Sultanbeyli’de çıkan yangında üç işçi kaldığı konteynerde vefat etti. Görgü tanıkları, işçiler için “Gariban çocuklardı” dedi ve kapısının erimesi nedeniyle müdahale edemediklerini belirtti.
Duvar’dan Osman Çaklı‘nın haberine göre; Sultanbeyli’de çelik yapı üreten bir firmanın konteynerinde sabah 07.30’da çıkan yangında üç işçi vefat etti. Vefat edenler arasında ismi paylaşılan 17 yaşındaki Fırat Karadağ’ın Ahmet Karadağ, kuzeninin Kartal Lütfi Kırdar Eğitim ve Araştırma Hastanesi’nin yoğun bakım servisinde olduğunu söyledi. Mimar Sinan Mahallesi, Hızır Sokak’ta yaşanan yangında vefat eden işçileri kurtarmak için bölgeye giden bir görgü tanığı ise kapının erimesi nedeniyle müdahale edemediğini ifade etti. Bölgede gıda ürünleri satan bir esnaf ise olay saatinde bir patlama sesi duymadığını, işçilerin sürekli kendisinden alışveriş yaptığını anlattı. Öte yandan iş yerindeki çalışmalara ise devam edildi.
Fotoğraf çekmek yasaklandı
Sultanbeyli’de çelik yapı üreten bir firmanın çalışanı üç işçi ısınmak için yaktığı sobadan çıkan yangınla vefat etti. Olaydan sonra firmada güvenlik önlemleri alındı. Firma ise olay yerinden görüntü alınmaması için kapıya bir bekçi görevlendirdi. Fotoğraf çekmenin yasak olduğunu belirten bekçi, yangında ölenleri tanımadığını belirterek şunları söyledi:
“Sobaya tiner dökmüşler. Biri dışardan gelmiş, sobayı da o yakmış. Sobayı yakarken alev alıyor ve patlama olduğunu söylüyorlar. Cehalet işte, kontrol edemediler. Ben çocukları tanımıyordum. Herkes hastane ve karakolda olduğu için ben şu an buradayım. Genç mühendisin kurduğu bir şirket. Çalışanlar da akrabası zaten. 5-6 yıllık bir firma, öyle büyük bir yer değil.”
“Gurbete geldiler”
Genellikle gecekondu yerleşimin olduğu Hızır Sokak’ta, ağırlıkla Iğdırlılar yaşıyor. Fabrika sahibiyle birlikte çalışanlar da Iğdırlı ve akrabalık ilişkileri var. Firmanın bulunduğu çevrede gıda satan yalnızca bir esnaf bulunuyor. İşçilerin alışveriş yaptığı esnaf, “Televizyonlarda çıktı ama ben patlama duymadım. Yangını görünce hemen gittim. Ben gittiğimde tutuşmuştu. Yaklaşık 15 dakika sonra itfaiye geldi. Çocukları tanıyordum. Benden alışveriş yaparlardı. Garibanlardı, gurbete gelmişler. Çok efendi ve sakinlerdi” diye konuştu.
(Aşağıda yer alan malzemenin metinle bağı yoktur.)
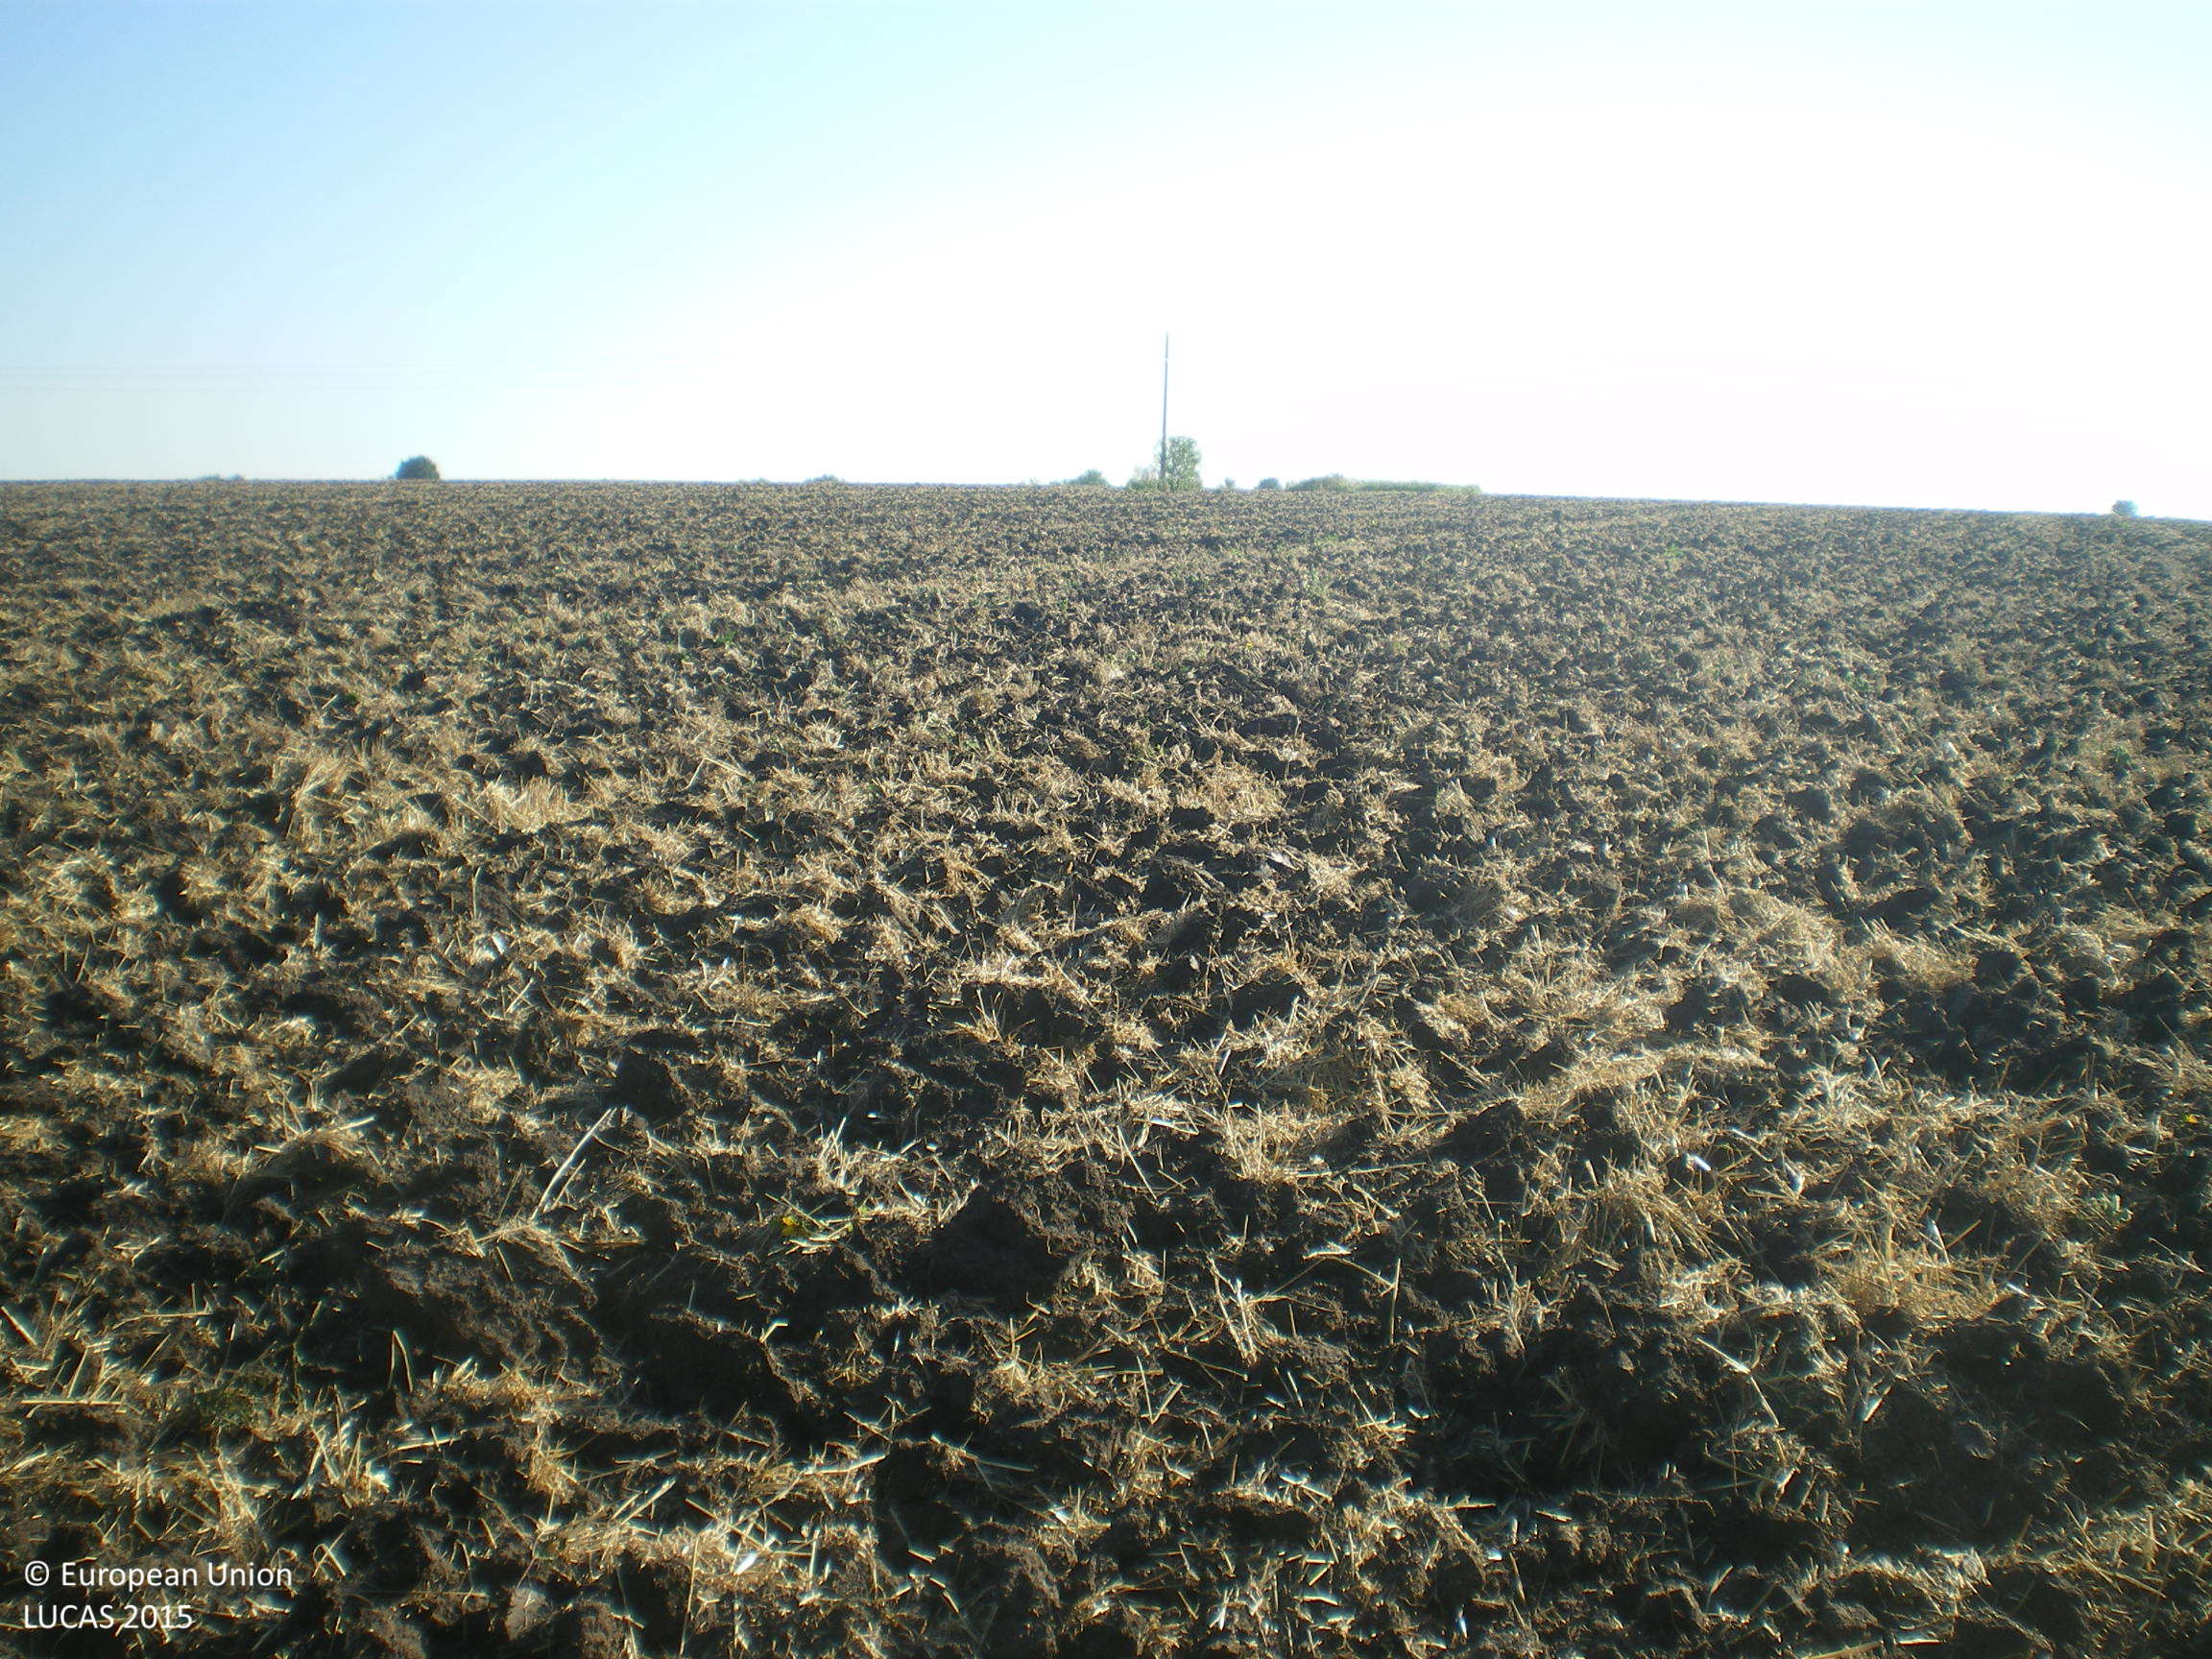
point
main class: Cropland
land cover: Common wheat
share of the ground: < 10 %
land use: Agriculture (excluding fallow land and kitchen gardens)
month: July
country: BG
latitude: 42.0718
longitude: 25.6472
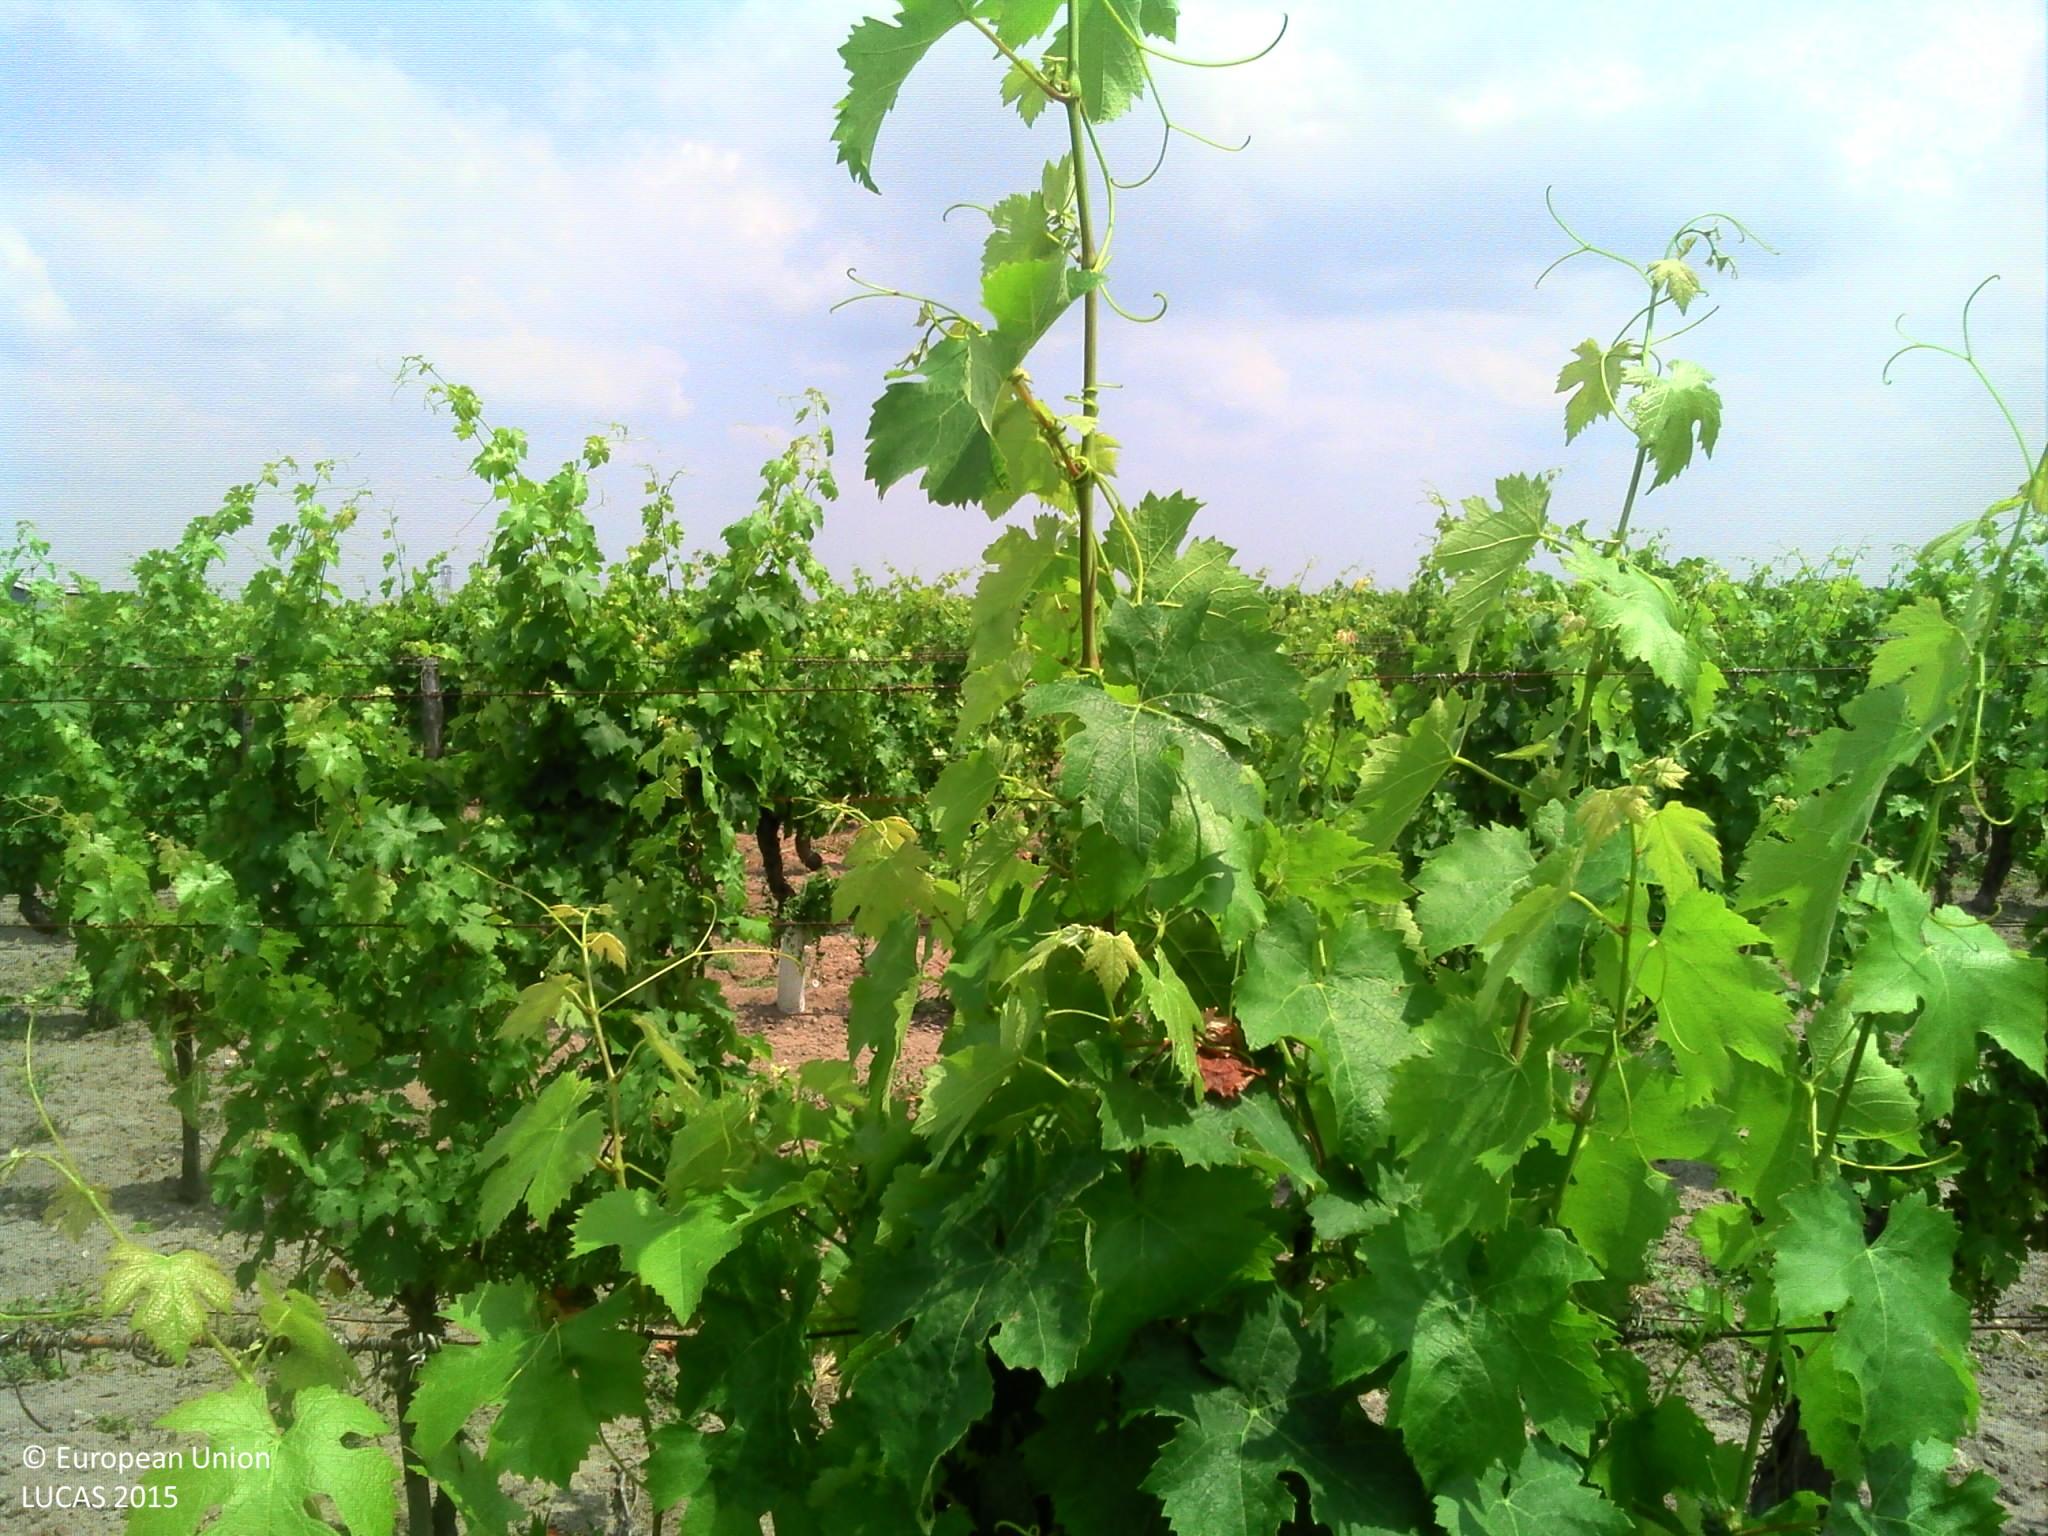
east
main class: Cropland
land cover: Vineyards
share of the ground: 25 - 50 %
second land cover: Other bare soil
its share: > 75 %
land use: Agriculture (excluding fallow land and kitchen gardens)
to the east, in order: Vineyards; Other bare soil; Grass margins; Tracks; Grass margins; Vineyards; Other bare soil; Grass margins; Tracks; Grass margins; Vineyards
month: July
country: FR
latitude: 47.2897
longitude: 0.1252

“Akşamları gelip sabah işe giderlerdi. Yani karanlıktan karanlığa görüyordum. Kimseye bir saygısızlıklarını görmedim.”
“Kapı açılacak durumda değildi; müdahale edemedim”
Yangının çıktığı firmanın hemen bitişiğinde yer alan başka firmalara ait konteynerlerde bekçi olan görgü tanığı ise yaşanılanları şöyle anlattı:
“Yangın çıkınca ben gittim kapıyı açmaya çalıştım. Kapıyı tuttum ama açılacak durumda değildi. Alevler yüzüme geldi, müdahale edemedim.”
“Okulu bırakıp İstanbul’a geldi”
Yangında ölenlerin arasında adı paylaşılan 17 yaşındaki Fırat Karadağ ise ağır yaralı olarak kurtarıldı. Kartal Lütfi Kırdar Eğitim ve Araştırma Hastanesi’nde tedavi gören Karadağ’ın hayati riski devam ediyor. Fırat Karadağ’ın kuzeni Ahmet Karadağ, doktorların acı çekmemesi için uyuttuklarını ve yoğun bakımda gözetim altında tuttuklarını belirterek şöyle konuştu:
“Hayati riski devam ediyormuş, yaralarını temizlemişler. Yarın müdahale edeceklermiş. Okulu bırakıp İstanbul’a gurbete gelmişti. İş yeri sahibi de ölen çocuklar da akrabamdır.”
Üç işçinin vefatından kısa süre sonra, konteynerin bulunduğu alanda işletme faaliyetlerinin devam etmesi dikkat çekti.